To do:
Strip the pictures, then copy the remaining data exactly as it stands.

Supplied data:
——

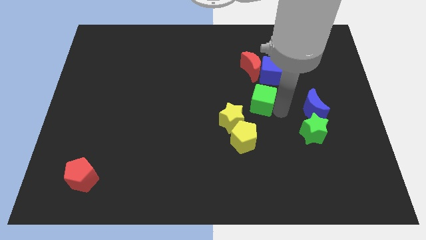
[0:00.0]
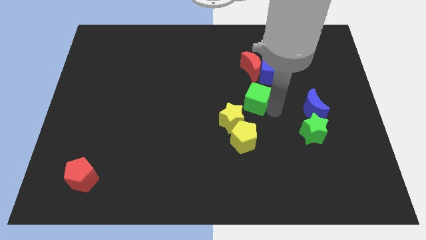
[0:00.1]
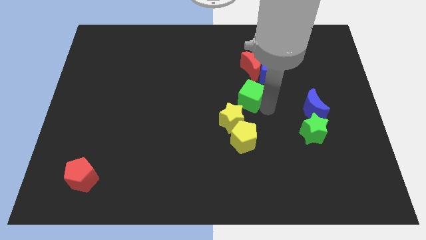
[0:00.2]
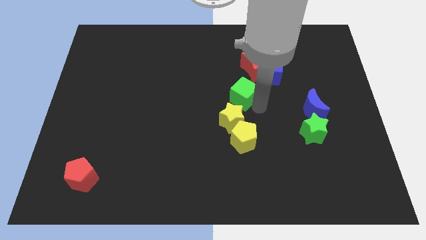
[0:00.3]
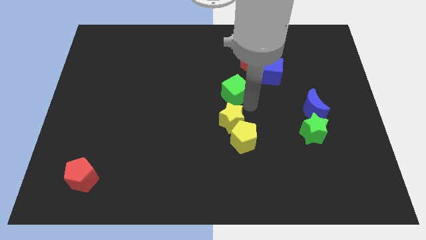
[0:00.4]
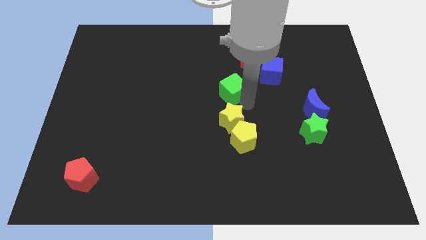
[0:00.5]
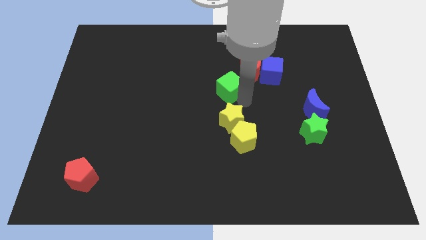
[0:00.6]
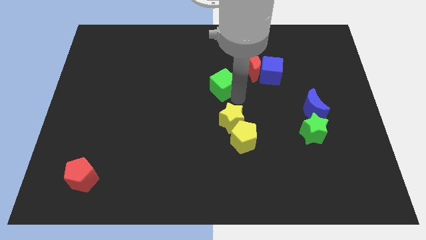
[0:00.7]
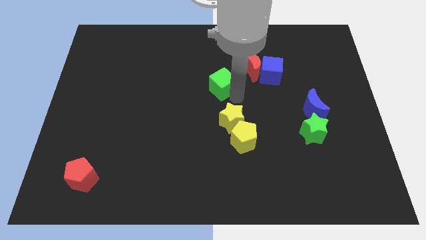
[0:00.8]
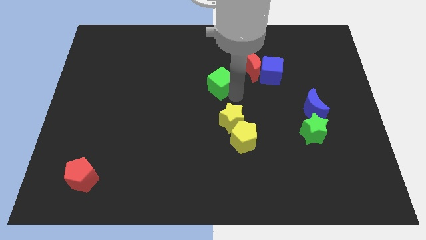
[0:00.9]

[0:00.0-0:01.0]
push green cube diagonally right above yellow star

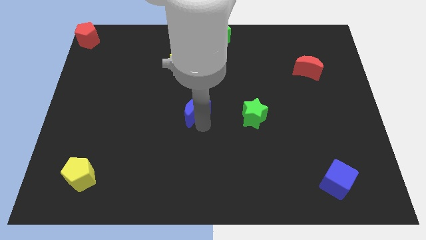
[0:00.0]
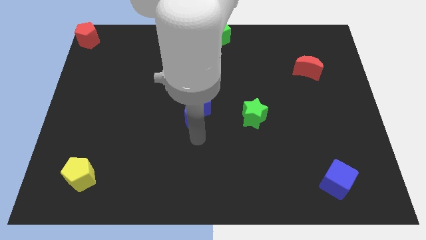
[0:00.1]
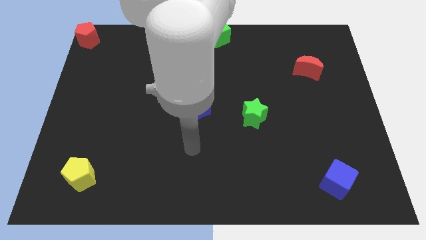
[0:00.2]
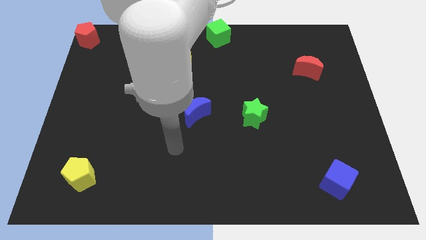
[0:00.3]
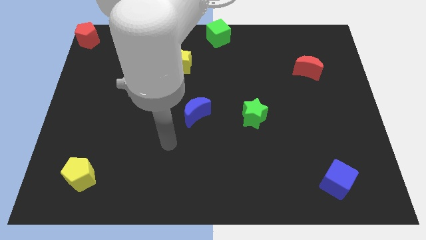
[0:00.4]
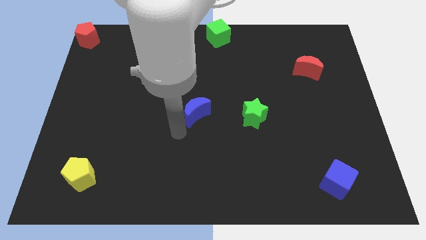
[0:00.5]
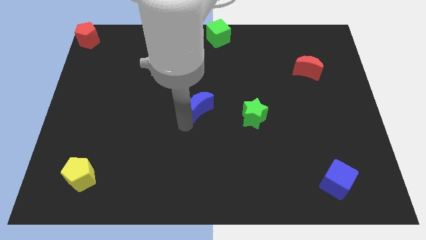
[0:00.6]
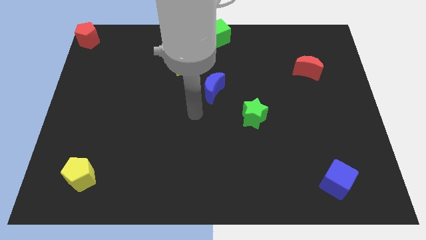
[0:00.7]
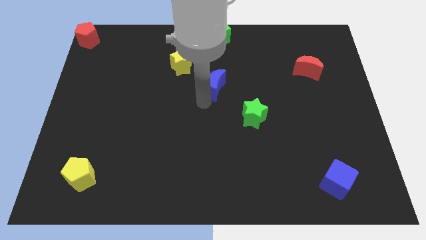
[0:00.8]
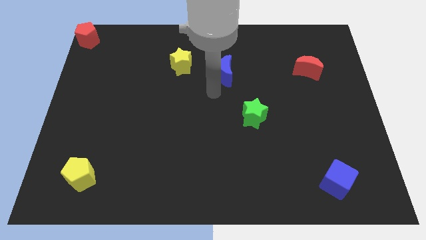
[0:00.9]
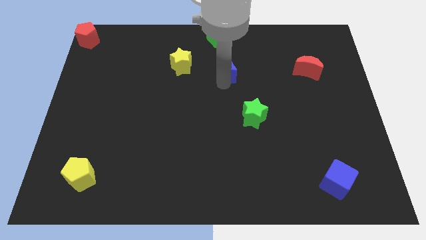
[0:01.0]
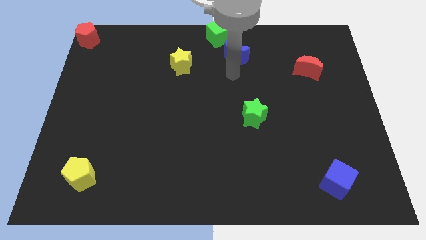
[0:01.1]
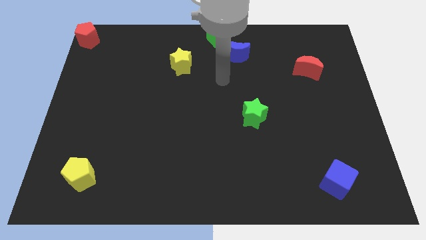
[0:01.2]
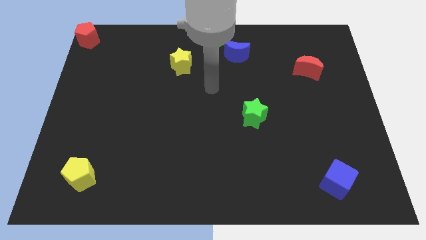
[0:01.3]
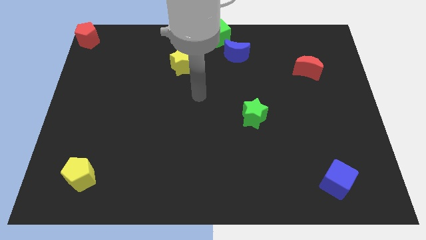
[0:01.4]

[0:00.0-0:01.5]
place the blue moon to the bottom right of the green cube
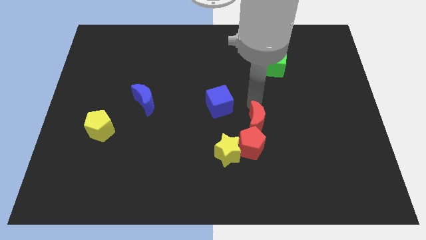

——

Answer to this exercise:
[0:00.0]
[0:00.1]
[0:00.2]
[0:00.3]
[0:00.4]
[0:00.5]
[0:00.6]
[0:00.7]
[0:00.8]
[0:00.9]

[0:00.0-0:01.0]
push green cube diagonally right above yellow star

[0:00.0]
[0:00.1]
[0:00.2]
[0:00.3]
[0:00.4]
[0:00.5]
[0:00.6]
[0:00.7]
[0:00.8]
[0:00.9]
[0:01.0]
[0:01.1]
[0:01.2]
[0:01.3]
[0:01.4]

[0:00.0-0:01.5]
place the blue moon to the bottom right of the green cube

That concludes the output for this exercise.